----- SUPPLIED MATERIAL

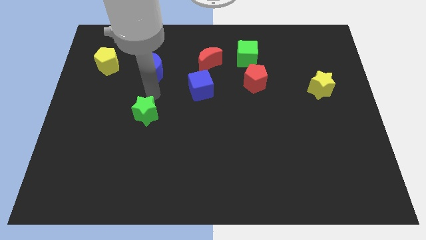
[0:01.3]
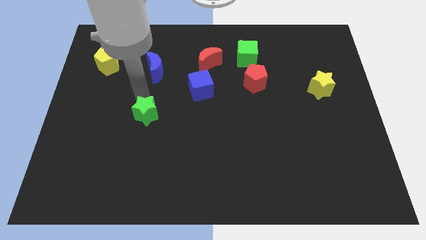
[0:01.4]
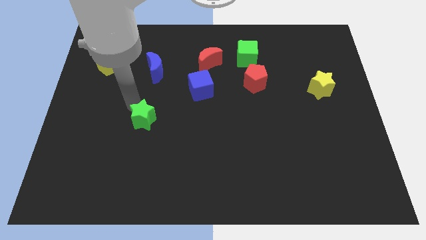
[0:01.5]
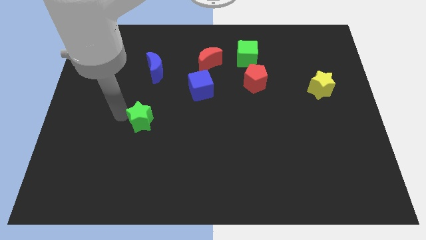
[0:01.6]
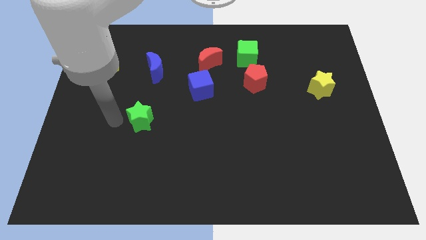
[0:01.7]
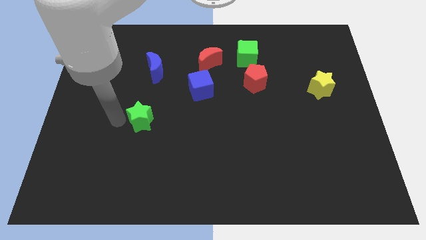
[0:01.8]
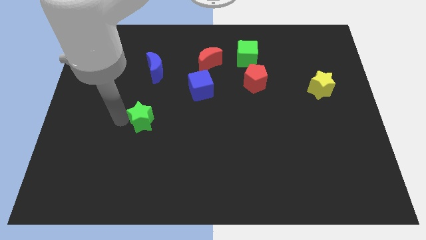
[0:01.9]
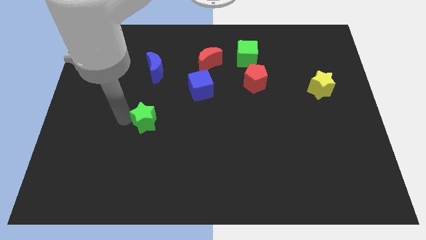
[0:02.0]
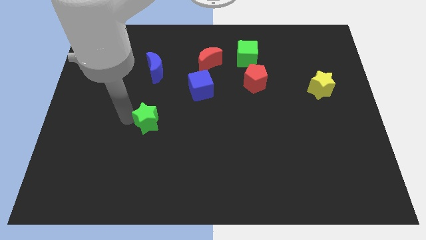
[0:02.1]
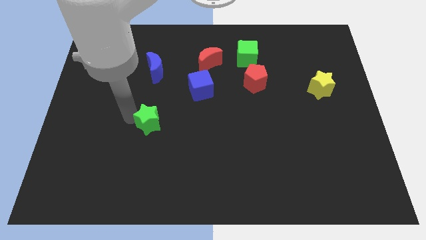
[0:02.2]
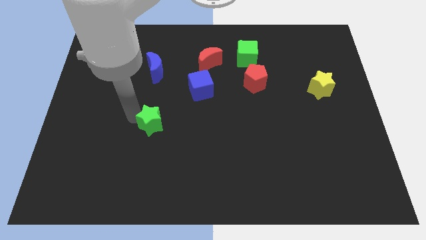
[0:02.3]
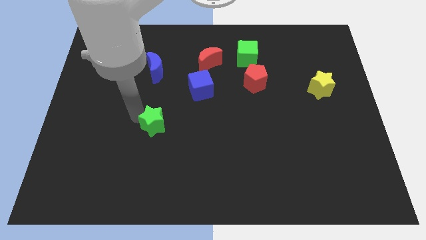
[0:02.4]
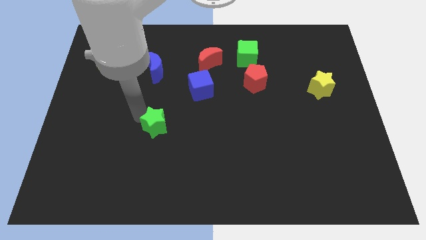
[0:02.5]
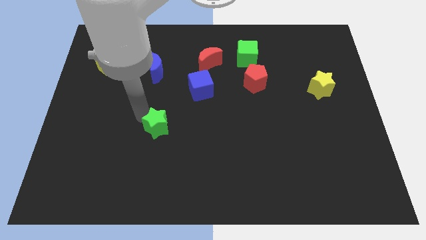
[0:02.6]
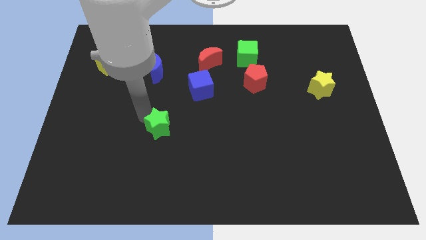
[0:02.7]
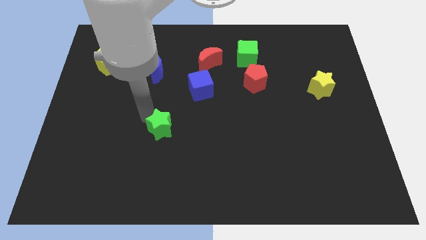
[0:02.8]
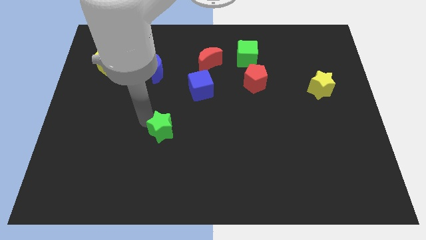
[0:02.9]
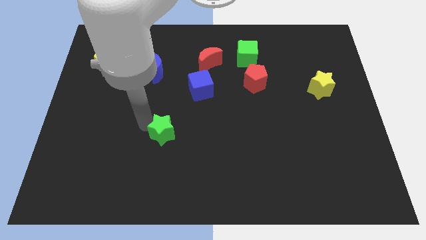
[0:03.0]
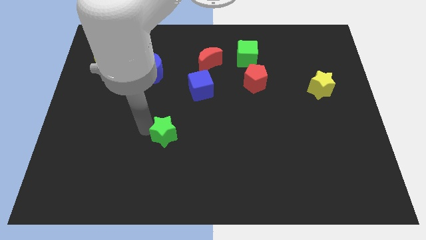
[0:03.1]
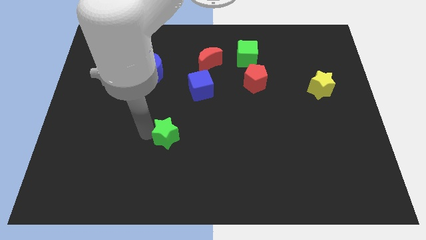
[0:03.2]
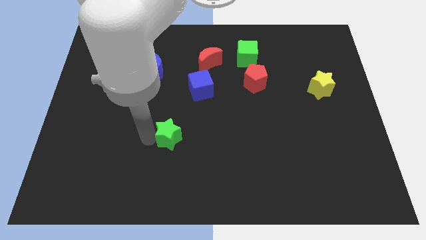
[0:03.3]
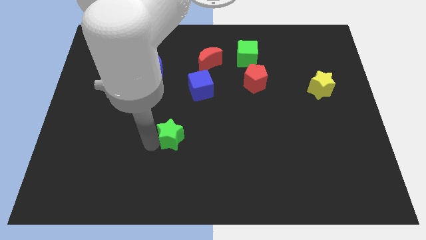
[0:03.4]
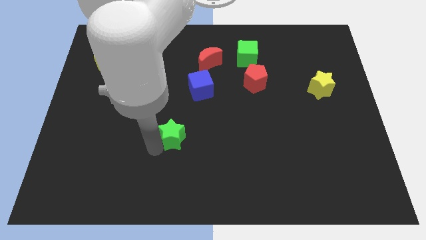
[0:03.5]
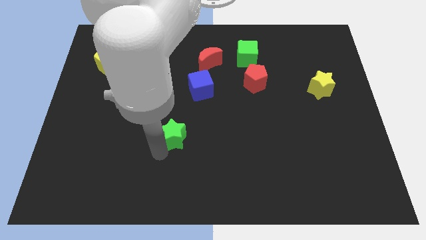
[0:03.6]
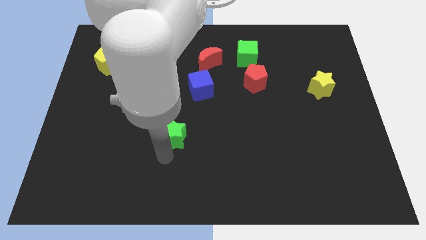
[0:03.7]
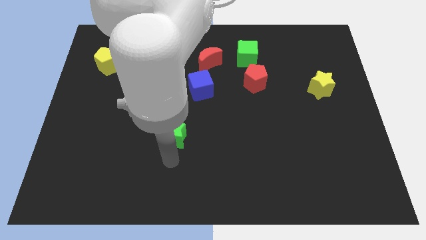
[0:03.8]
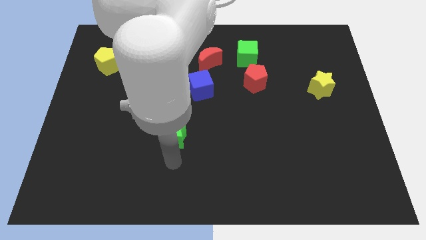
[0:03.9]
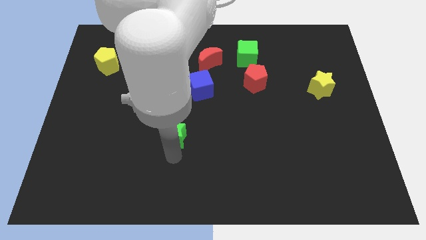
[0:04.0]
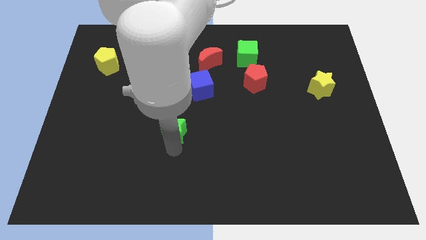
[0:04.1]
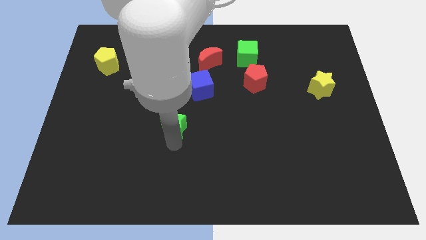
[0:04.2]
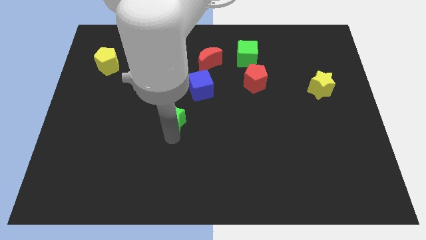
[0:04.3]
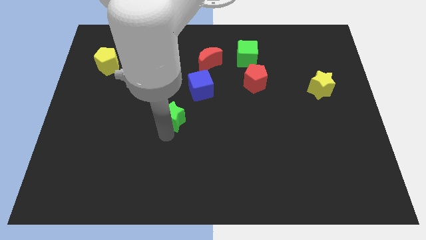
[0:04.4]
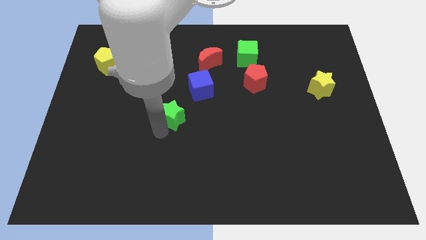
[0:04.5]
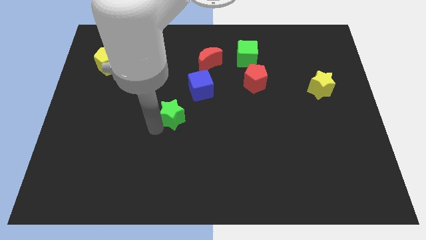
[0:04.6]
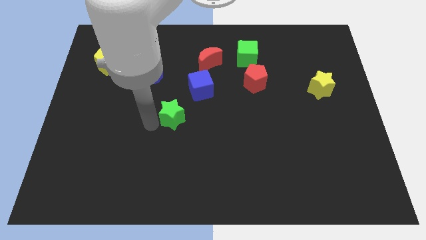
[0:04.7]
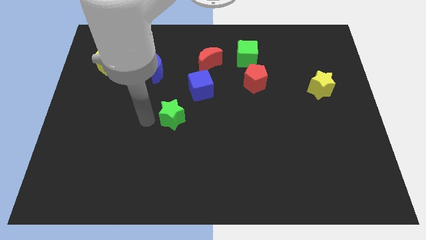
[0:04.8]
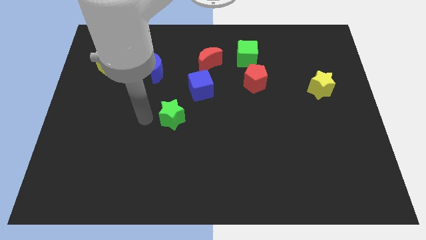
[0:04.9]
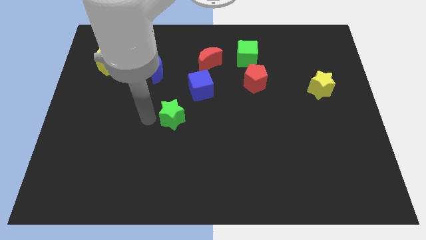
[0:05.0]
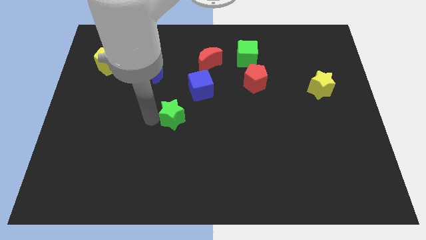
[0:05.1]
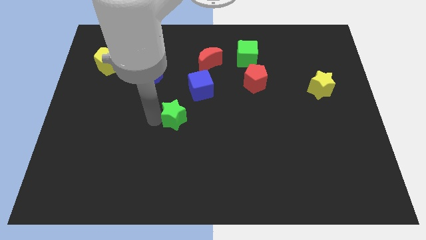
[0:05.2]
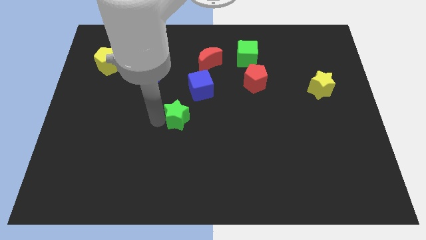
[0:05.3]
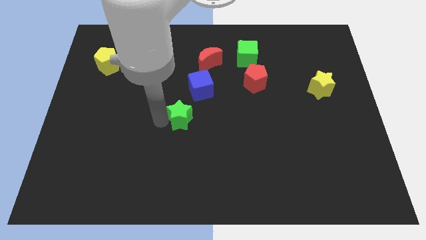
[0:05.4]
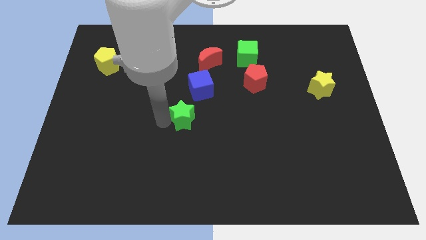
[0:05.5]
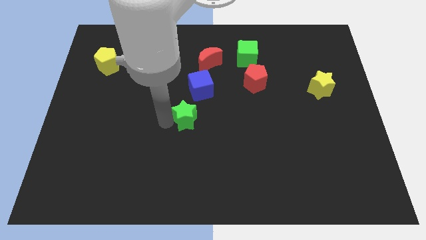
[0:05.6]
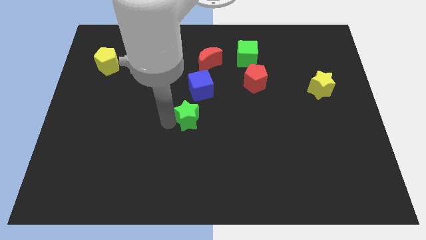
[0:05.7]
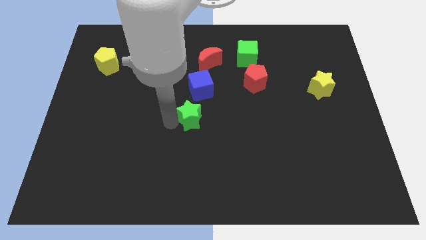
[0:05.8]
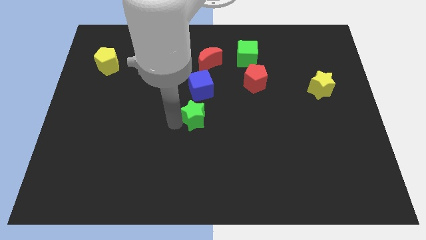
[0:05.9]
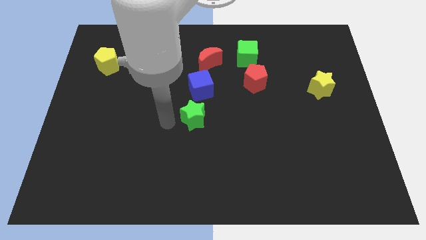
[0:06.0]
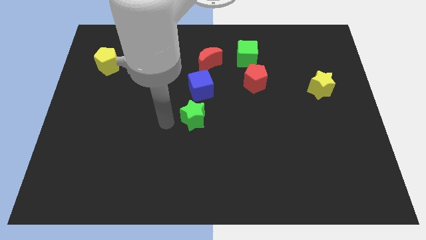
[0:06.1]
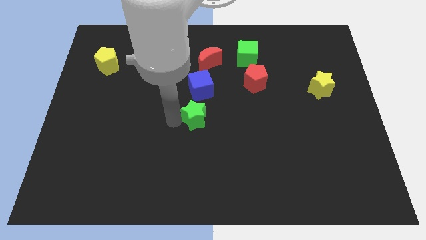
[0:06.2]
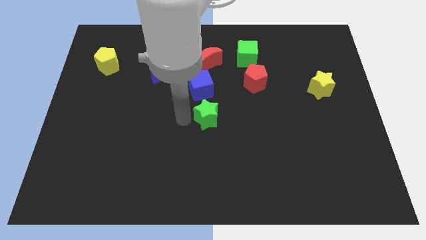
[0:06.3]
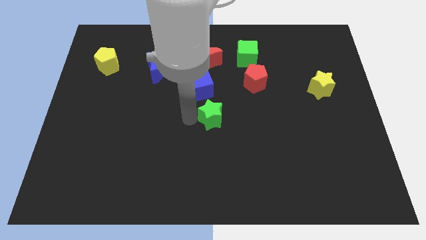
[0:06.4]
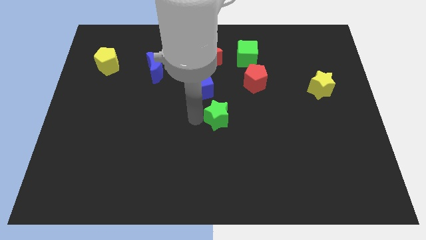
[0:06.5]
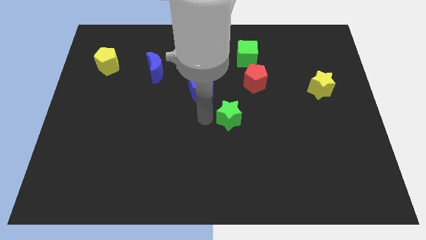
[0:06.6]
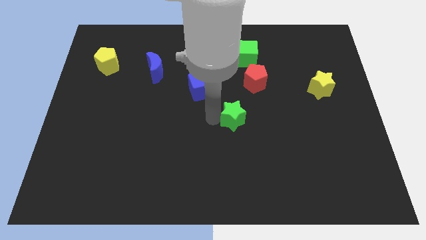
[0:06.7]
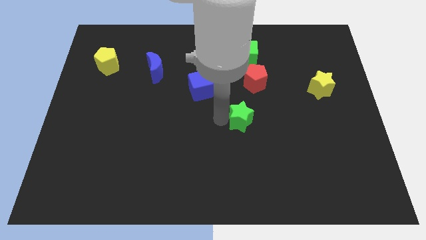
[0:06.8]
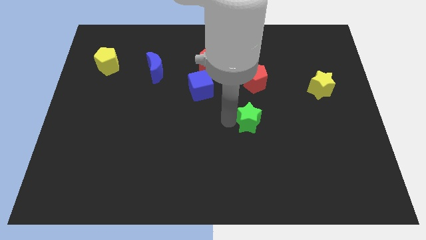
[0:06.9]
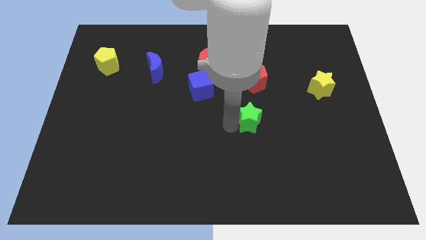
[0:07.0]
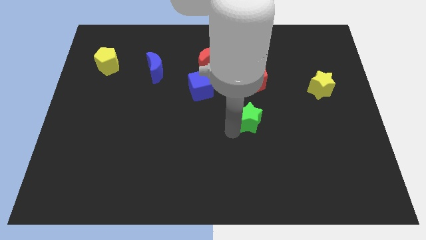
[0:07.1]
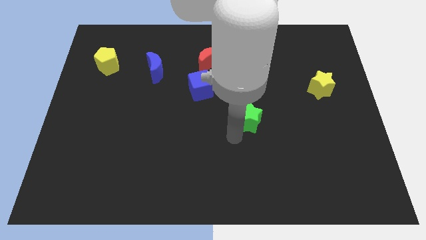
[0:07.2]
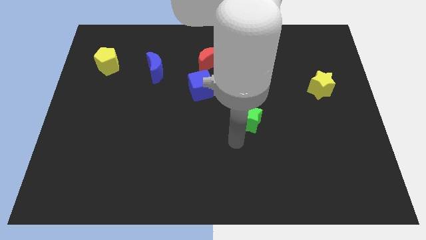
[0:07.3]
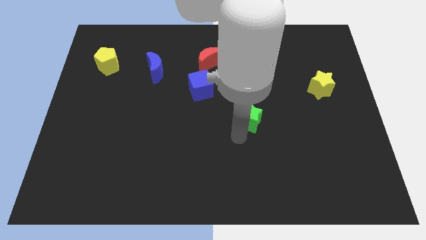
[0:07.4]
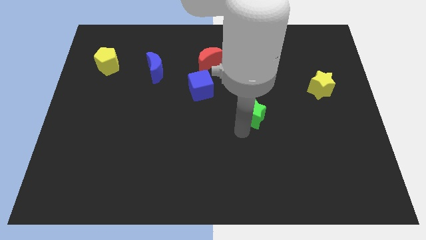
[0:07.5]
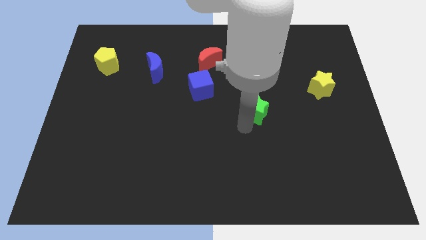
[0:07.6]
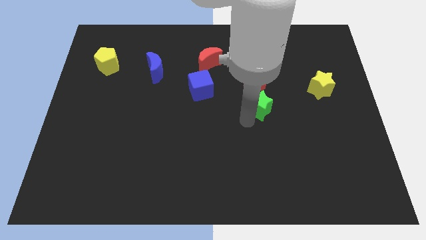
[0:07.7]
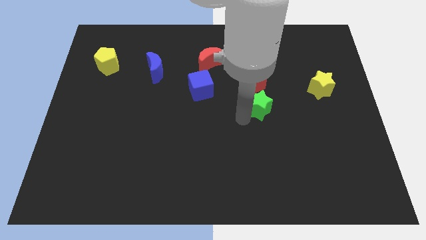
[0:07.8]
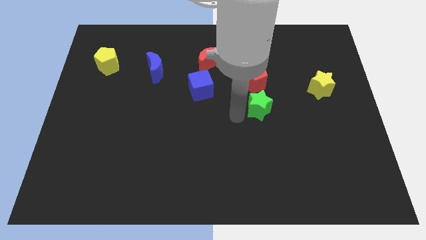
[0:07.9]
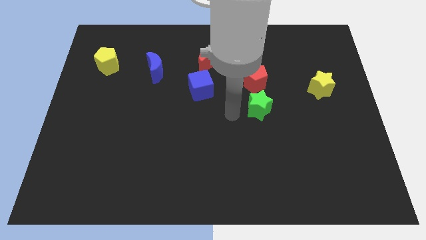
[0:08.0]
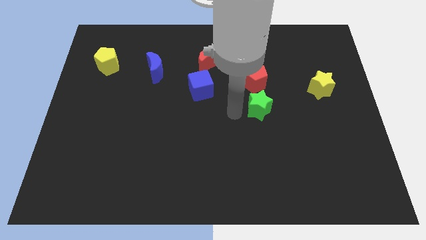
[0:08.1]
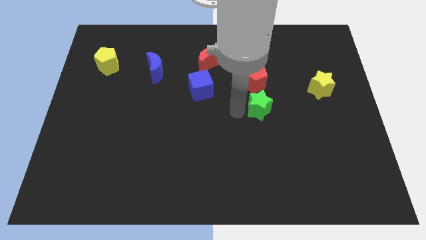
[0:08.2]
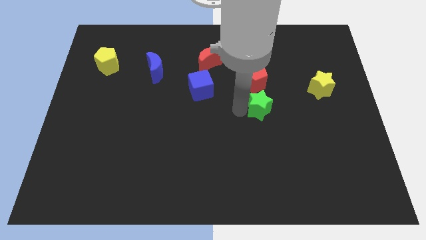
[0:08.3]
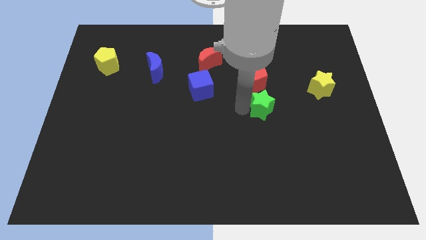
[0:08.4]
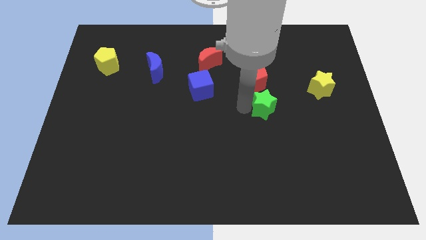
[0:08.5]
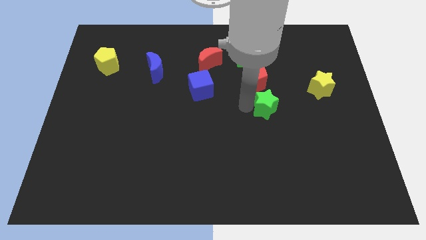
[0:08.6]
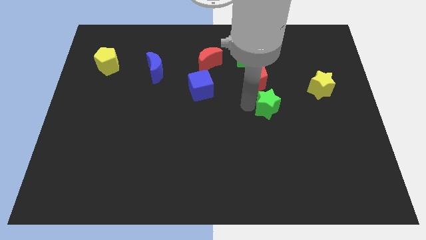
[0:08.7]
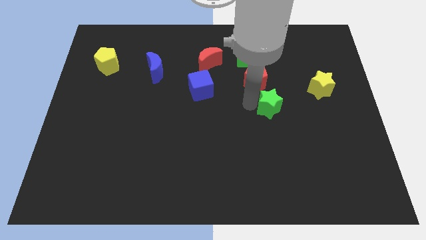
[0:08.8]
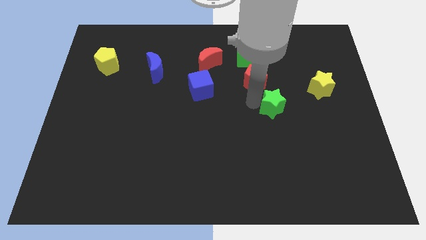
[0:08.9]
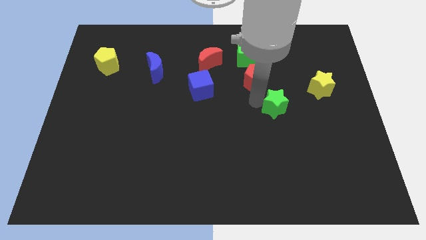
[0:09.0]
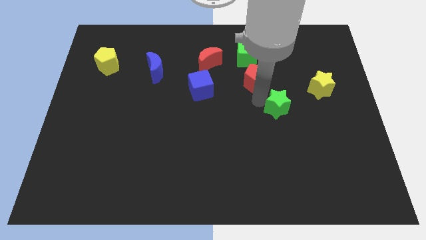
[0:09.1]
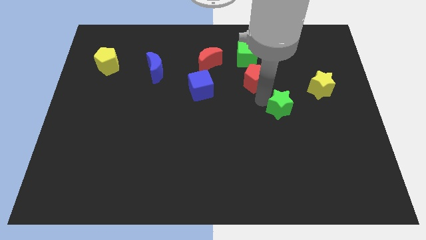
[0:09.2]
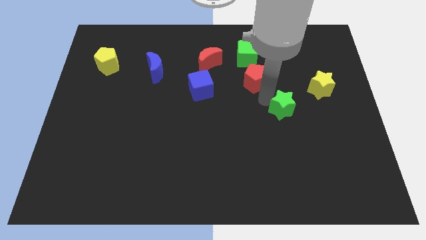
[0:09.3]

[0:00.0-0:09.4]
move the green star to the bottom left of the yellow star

----------

# WORK INSTRUCTION
Retype the records above exactly, leaving every picture out of your copy.

# TASK RESULT
[0:01.3]
[0:01.4]
[0:01.5]
[0:01.6]
[0:01.7]
[0:01.8]
[0:01.9]
[0:02.0]
[0:02.1]
[0:02.2]
[0:02.3]
[0:02.4]
[0:02.5]
[0:02.6]
[0:02.7]
[0:02.8]
[0:02.9]
[0:03.0]
[0:03.1]
[0:03.2]
[0:03.3]
[0:03.4]
[0:03.5]
[0:03.6]
[0:03.7]
[0:03.8]
[0:03.9]
[0:04.0]
[0:04.1]
[0:04.2]
[0:04.3]
[0:04.4]
[0:04.5]
[0:04.6]
[0:04.7]
[0:04.8]
[0:04.9]
[0:05.0]
[0:05.1]
[0:05.2]
[0:05.3]
[0:05.4]
[0:05.5]
[0:05.6]
[0:05.7]
[0:05.8]
[0:05.9]
[0:06.0]
[0:06.1]
[0:06.2]
[0:06.3]
[0:06.4]
[0:06.5]
[0:06.6]
[0:06.7]
[0:06.8]
[0:06.9]
[0:07.0]
[0:07.1]
[0:07.2]
[0:07.3]
[0:07.4]
[0:07.5]
[0:07.6]
[0:07.7]
[0:07.8]
[0:07.9]
[0:08.0]
[0:08.1]
[0:08.2]
[0:08.3]
[0:08.4]
[0:08.5]
[0:08.6]
[0:08.7]
[0:08.8]
[0:08.9]
[0:09.0]
[0:09.1]
[0:09.2]
[0:09.3]

[0:00.0-0:09.4]
move the green star to the bottom left of the yellow star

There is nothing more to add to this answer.